▶ **WHAT THE TASK ASKS**
When a line in the material contains the word "rect", copy it.

▶ **STORED DATA**
# # # # # # #
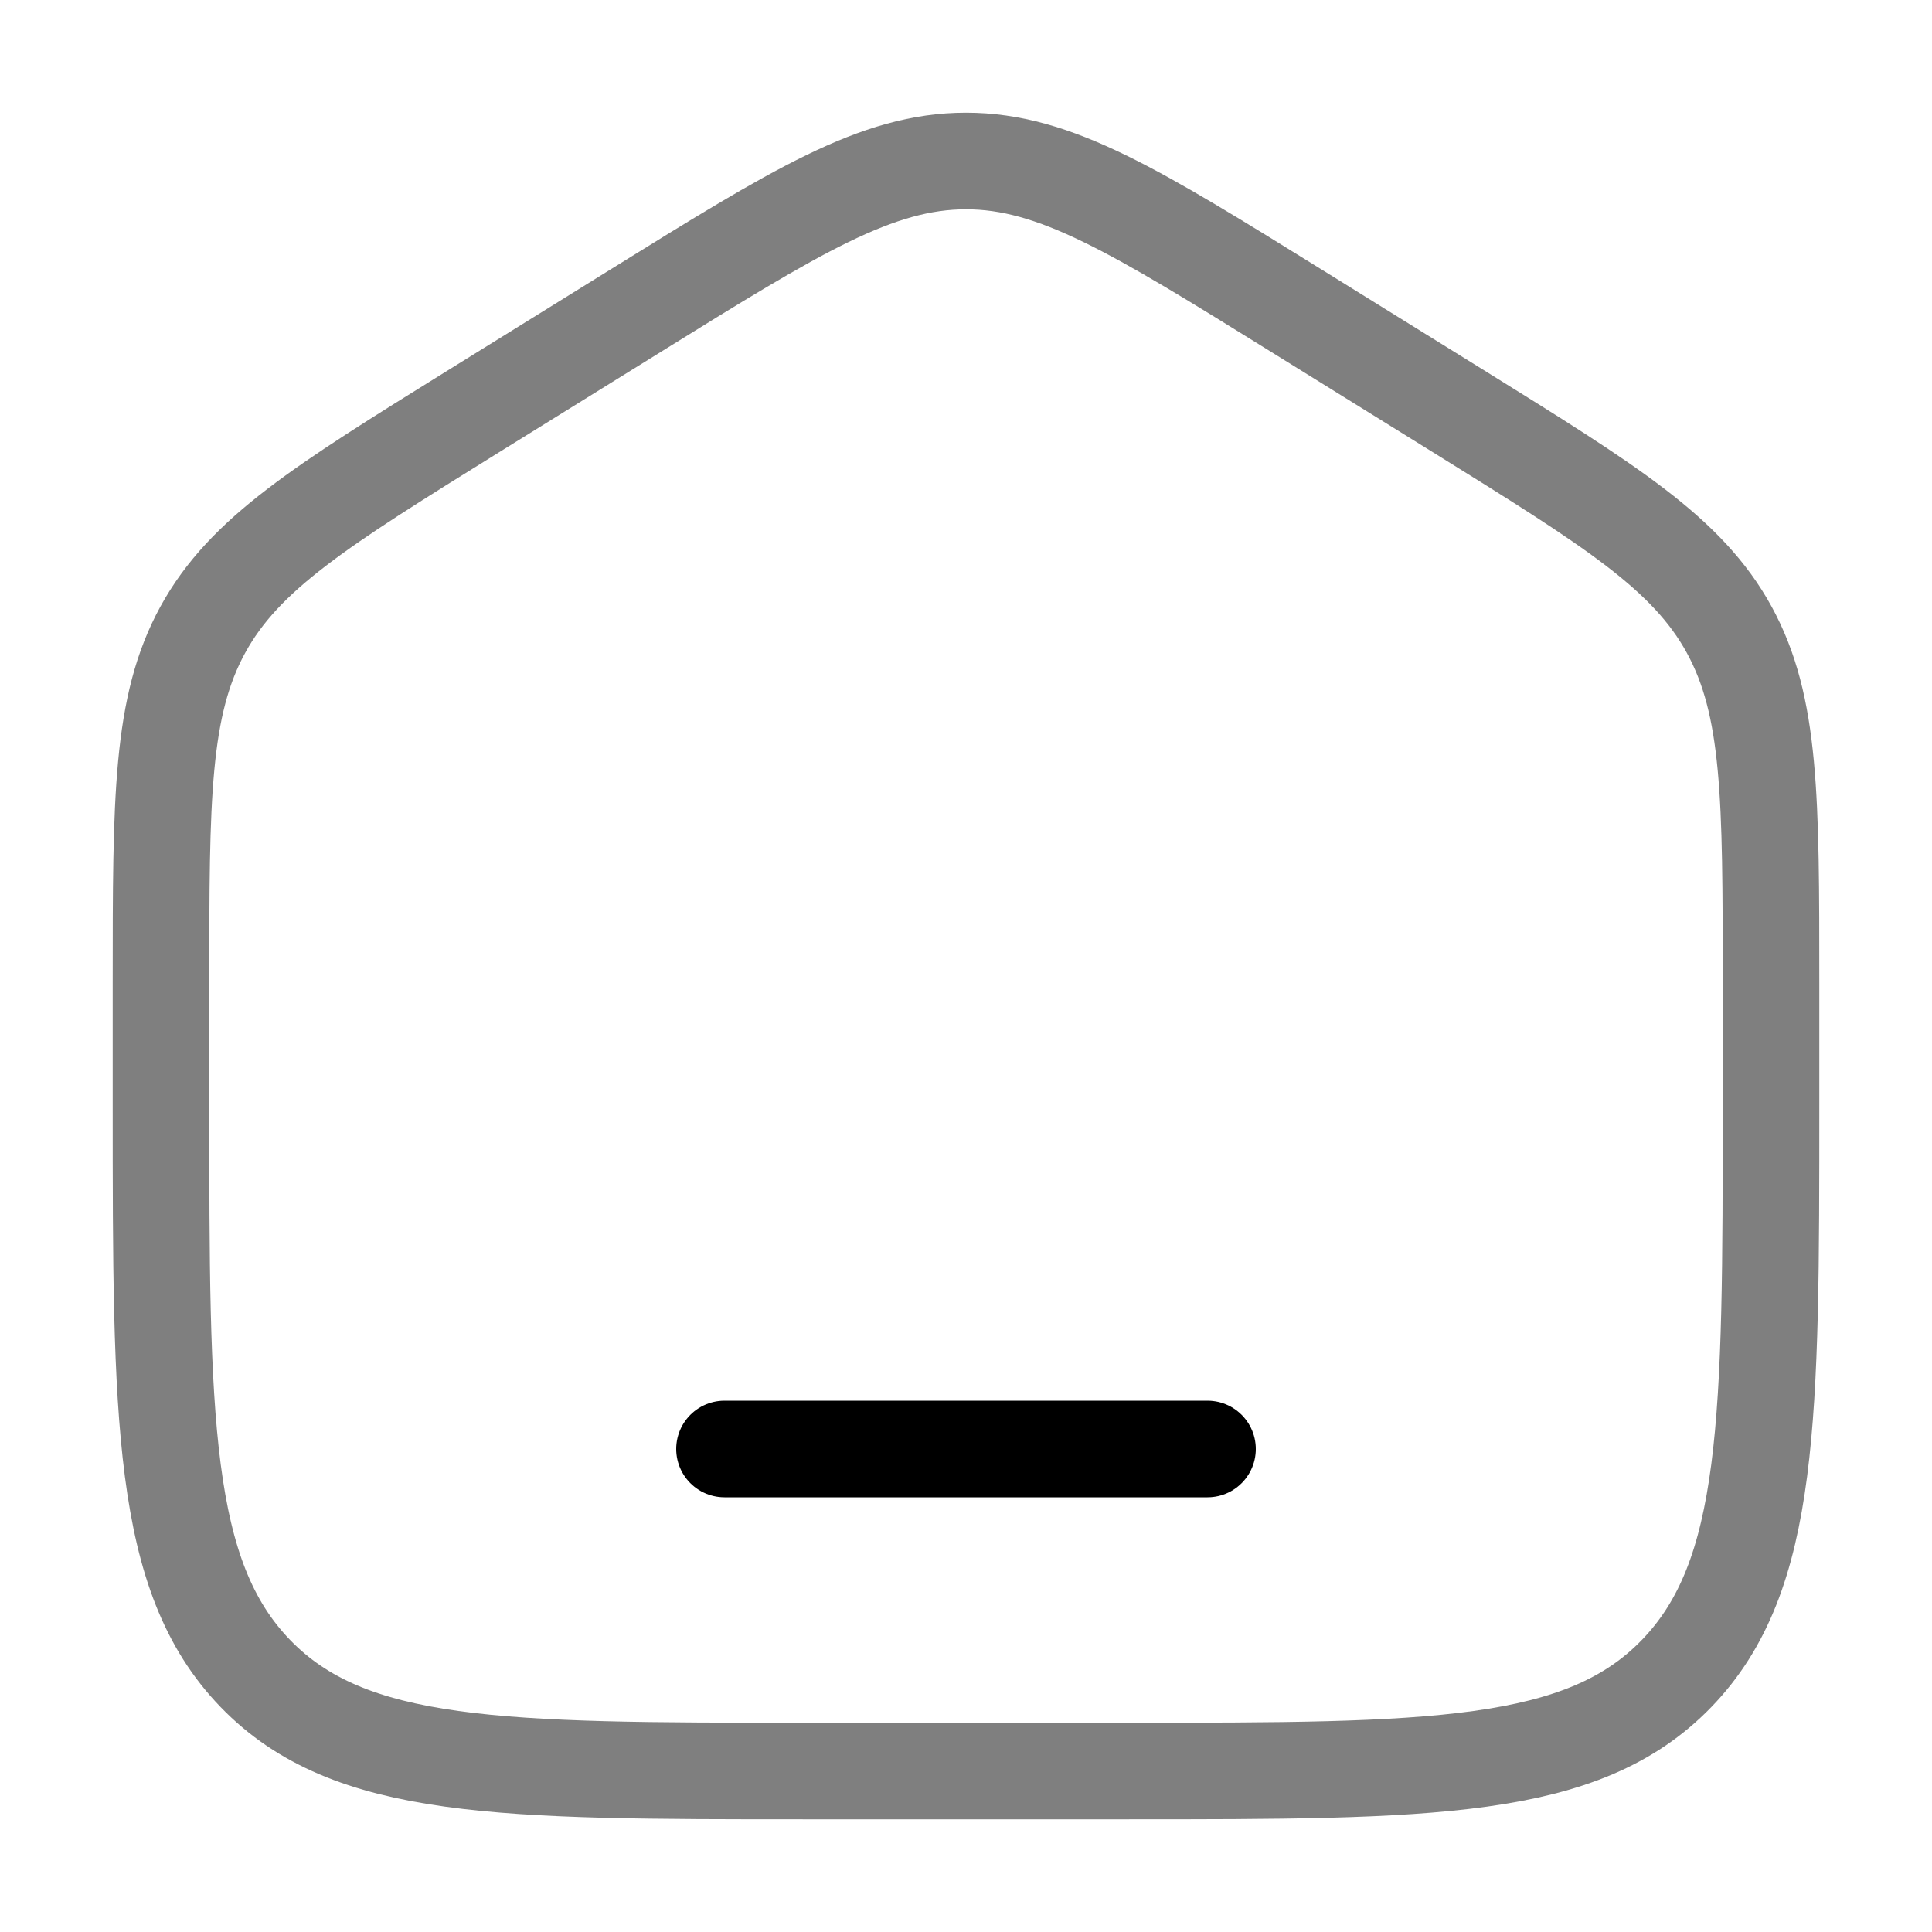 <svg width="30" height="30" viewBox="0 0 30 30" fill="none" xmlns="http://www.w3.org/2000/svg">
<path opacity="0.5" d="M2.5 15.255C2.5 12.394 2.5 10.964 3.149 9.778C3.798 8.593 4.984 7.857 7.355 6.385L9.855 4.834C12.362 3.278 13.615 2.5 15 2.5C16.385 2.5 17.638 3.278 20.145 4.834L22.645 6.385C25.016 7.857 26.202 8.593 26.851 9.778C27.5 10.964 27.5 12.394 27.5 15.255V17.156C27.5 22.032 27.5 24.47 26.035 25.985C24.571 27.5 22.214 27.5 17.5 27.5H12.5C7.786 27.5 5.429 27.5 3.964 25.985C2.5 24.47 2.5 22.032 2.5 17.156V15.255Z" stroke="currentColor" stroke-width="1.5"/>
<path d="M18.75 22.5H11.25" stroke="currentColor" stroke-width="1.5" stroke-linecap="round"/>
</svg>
# # # # # # #
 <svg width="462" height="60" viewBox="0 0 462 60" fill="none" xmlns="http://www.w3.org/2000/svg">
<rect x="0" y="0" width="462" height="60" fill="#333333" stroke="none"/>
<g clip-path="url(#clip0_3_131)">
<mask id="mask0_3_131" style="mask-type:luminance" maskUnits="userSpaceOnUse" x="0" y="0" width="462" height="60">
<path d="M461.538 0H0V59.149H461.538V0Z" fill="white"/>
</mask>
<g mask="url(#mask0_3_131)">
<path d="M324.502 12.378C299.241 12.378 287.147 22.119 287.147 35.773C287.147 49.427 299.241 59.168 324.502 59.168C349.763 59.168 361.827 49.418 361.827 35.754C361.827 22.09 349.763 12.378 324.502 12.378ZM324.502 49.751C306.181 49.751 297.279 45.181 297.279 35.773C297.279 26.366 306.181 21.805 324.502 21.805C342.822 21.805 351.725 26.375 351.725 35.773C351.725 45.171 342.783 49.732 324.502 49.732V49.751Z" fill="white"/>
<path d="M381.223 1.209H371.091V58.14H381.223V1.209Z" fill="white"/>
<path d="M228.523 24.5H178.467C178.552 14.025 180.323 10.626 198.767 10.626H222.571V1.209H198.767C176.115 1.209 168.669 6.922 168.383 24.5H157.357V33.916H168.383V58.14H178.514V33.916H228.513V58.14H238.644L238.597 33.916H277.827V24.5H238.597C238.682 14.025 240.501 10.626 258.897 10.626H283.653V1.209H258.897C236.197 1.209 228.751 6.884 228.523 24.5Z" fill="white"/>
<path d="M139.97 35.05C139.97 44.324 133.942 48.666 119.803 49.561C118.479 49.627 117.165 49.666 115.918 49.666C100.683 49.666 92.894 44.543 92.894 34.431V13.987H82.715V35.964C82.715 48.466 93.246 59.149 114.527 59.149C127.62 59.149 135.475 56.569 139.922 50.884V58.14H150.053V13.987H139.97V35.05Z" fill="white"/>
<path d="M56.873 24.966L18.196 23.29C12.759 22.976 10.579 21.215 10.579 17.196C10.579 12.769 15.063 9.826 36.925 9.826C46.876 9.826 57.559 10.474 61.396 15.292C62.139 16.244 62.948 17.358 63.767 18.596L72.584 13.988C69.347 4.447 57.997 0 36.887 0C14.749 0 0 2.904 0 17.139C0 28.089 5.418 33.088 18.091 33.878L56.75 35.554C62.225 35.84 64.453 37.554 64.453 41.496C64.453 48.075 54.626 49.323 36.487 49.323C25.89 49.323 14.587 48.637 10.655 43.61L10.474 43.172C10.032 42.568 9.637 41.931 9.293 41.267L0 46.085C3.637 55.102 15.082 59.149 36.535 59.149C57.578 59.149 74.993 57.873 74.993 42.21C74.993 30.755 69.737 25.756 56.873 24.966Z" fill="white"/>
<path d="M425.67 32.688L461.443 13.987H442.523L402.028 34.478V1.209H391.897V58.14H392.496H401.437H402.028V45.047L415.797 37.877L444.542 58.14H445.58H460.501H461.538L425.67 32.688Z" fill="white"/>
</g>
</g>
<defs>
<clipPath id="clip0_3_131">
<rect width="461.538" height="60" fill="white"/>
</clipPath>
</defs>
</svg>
# # # # # # #
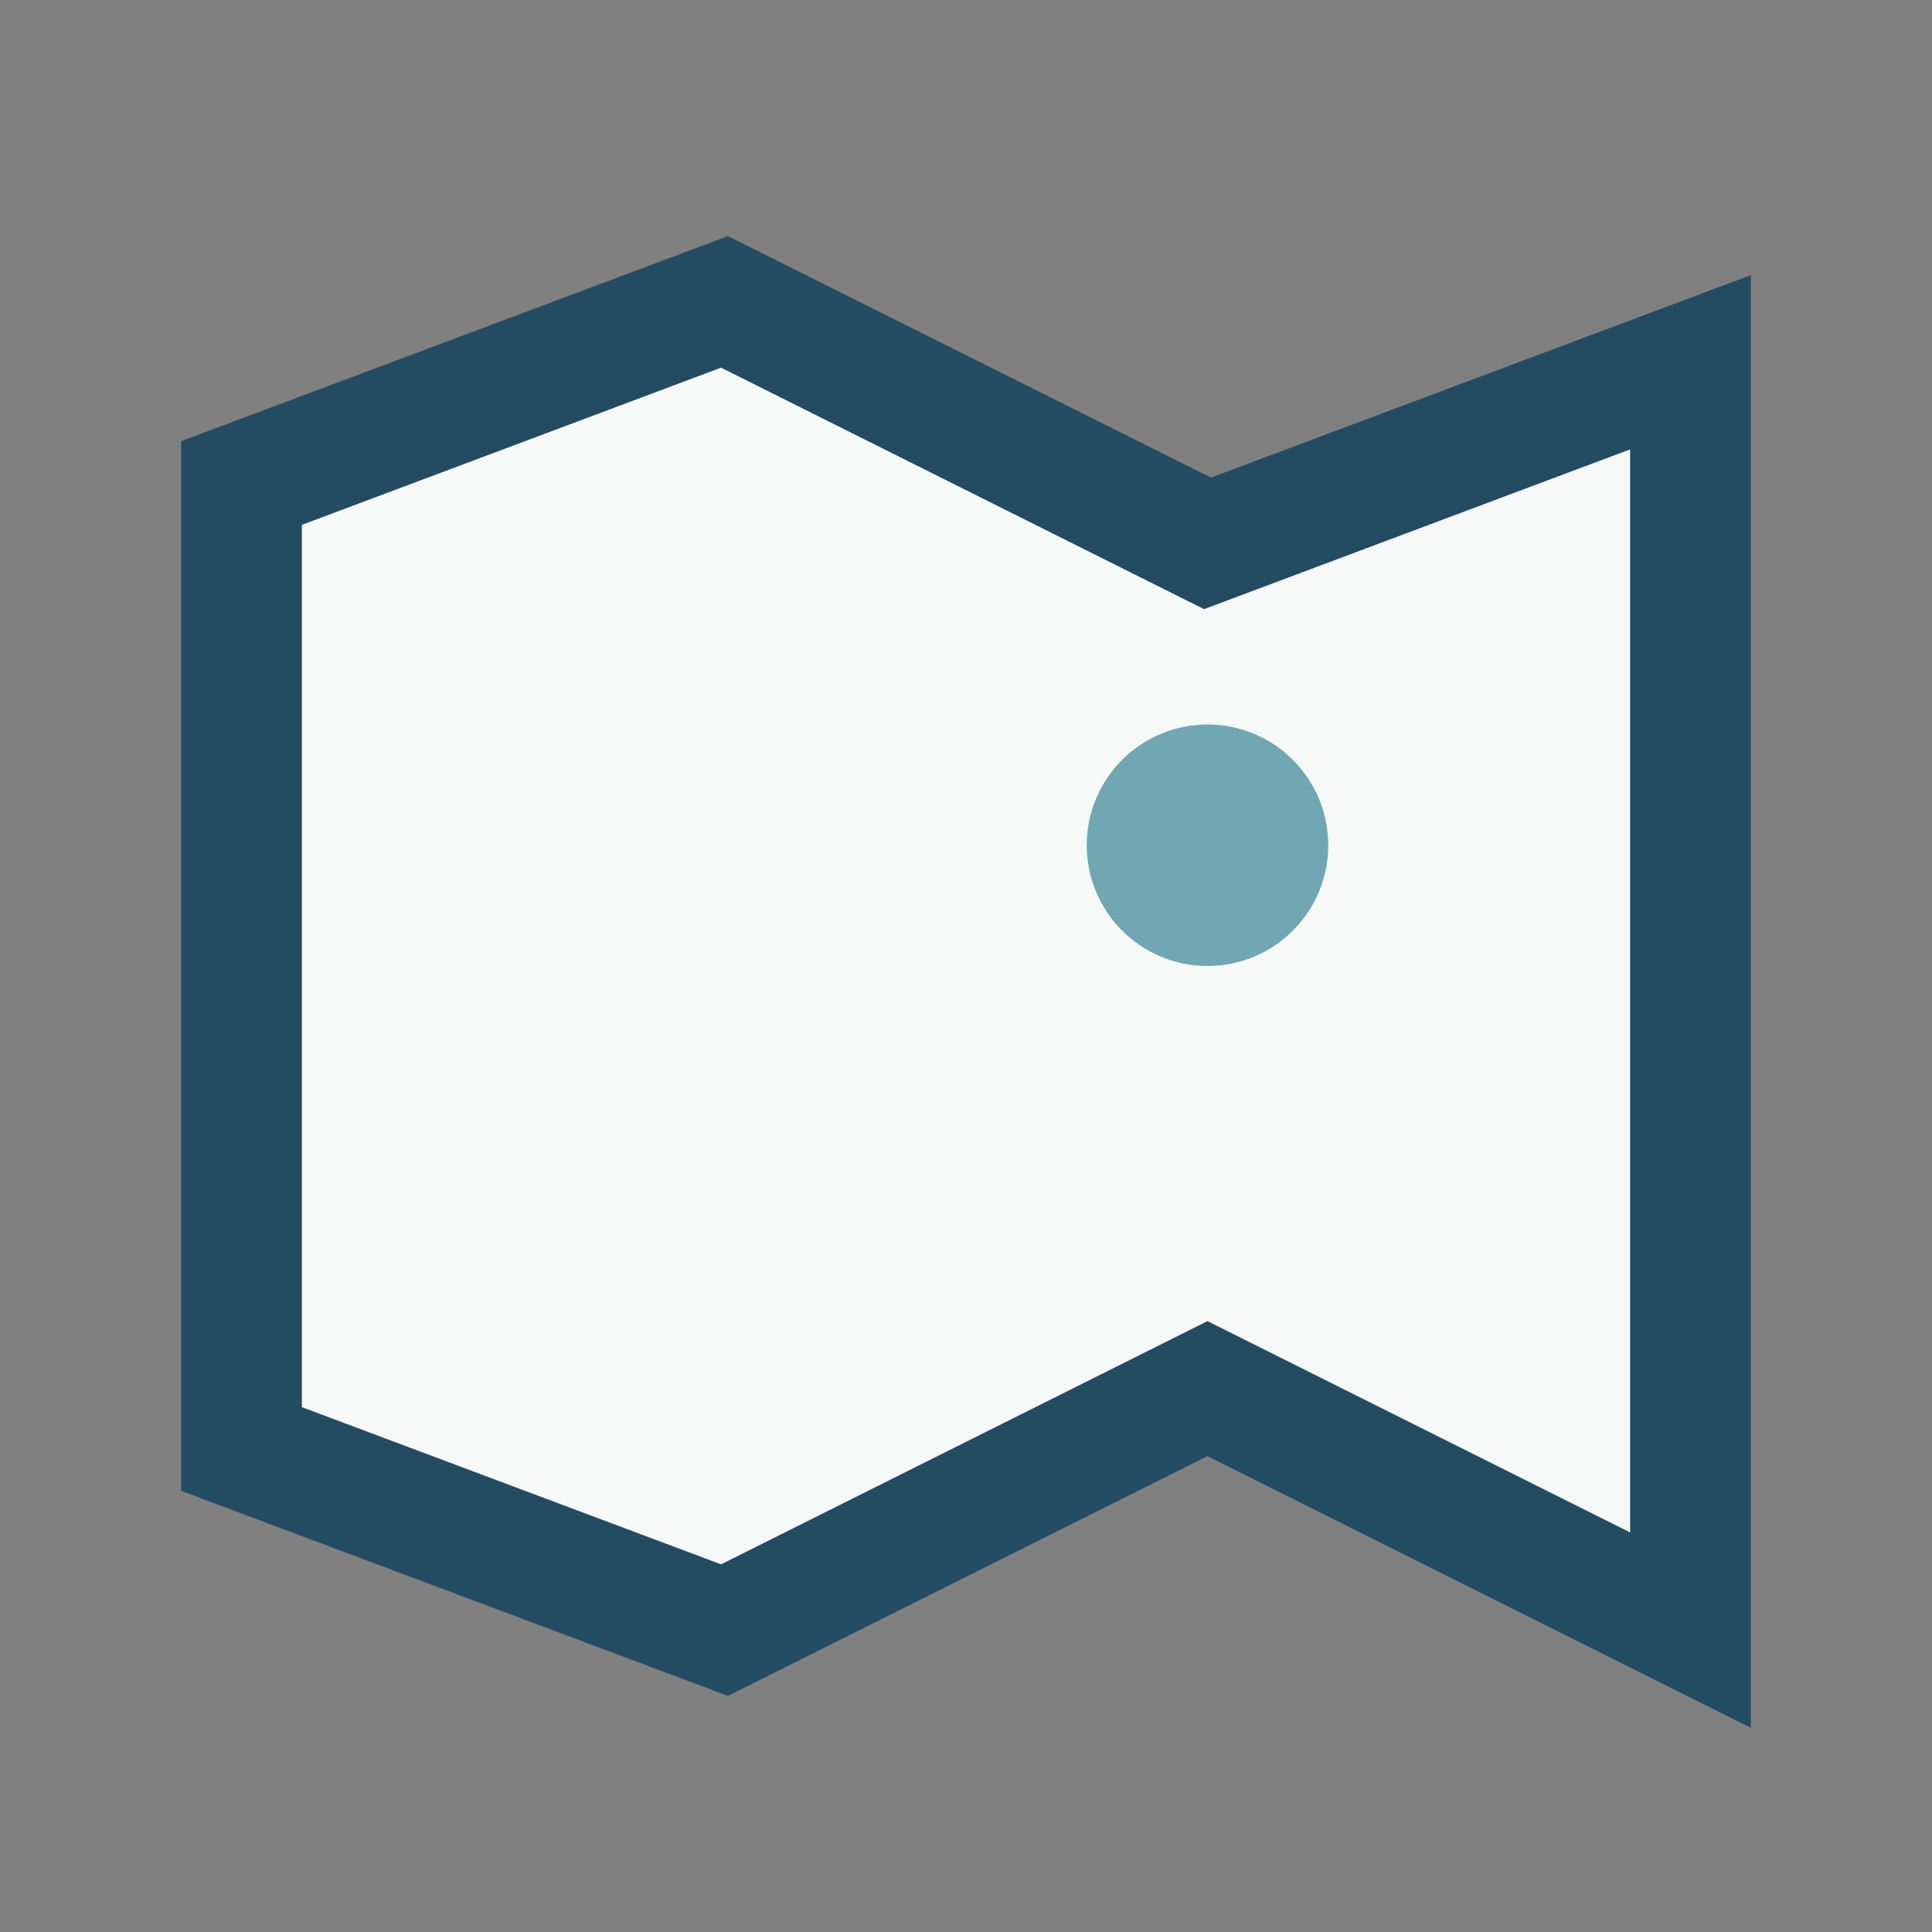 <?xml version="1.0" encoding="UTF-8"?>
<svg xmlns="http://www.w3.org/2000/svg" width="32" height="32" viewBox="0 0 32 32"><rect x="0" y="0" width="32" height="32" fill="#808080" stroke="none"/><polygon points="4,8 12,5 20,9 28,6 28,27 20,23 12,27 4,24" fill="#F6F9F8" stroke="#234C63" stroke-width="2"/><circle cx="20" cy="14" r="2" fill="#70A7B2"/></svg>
# # # # # # #
▶ **ANSWER AREA**
<rect x="0" y="0" width="462" height="60" fill="#333333" stroke="none"/>
<rect width="461.538" height="60" fill="white"/>
<svg xmlns="http://www.w3.org/2000/svg" width="32" height="32" viewBox="0 0 32 32"><rect x="0" y="0" width="32" height="32" fill="#808080" stroke="none"/><polygon points="4,8 12,5 20,9 28,6 28,27 20,23 12,27 4,24" fill="#F6F9F8" stroke="#234C63" stroke-width="2"/><circle cx="20" cy="14" r="2" fill="#70A7B2"/></svg>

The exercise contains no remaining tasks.